YOUR TASK:
Exactly reproduce the lines from the one holding "Q: How is the" through the final line of the listing below, with both ends included and nothing else.

WORKING DATA:
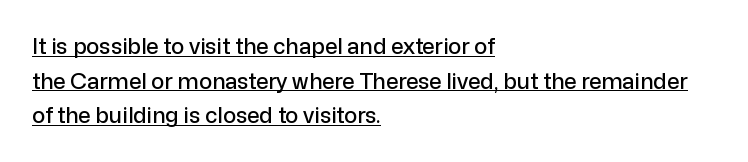
Q: Is the text italic (slanted)? A: No, it is upright.
Q: Is the text underlined? A: Yes.
Q: How is the paragraph aligned? A: Left-aligned.
Q: Is the spacing between letters normal or unusually wide? A: Normal.
Q: Is the spacing between lines tight, normal or loose? A: Normal.

SOLUTION FOR THIS EXERCISE:
Q: How is the paragraph aligned? A: Left-aligned.
Q: Is the spacing between letters normal or unusually wide? A: Normal.
Q: Is the spacing between lines tight, normal or loose? A: Normal.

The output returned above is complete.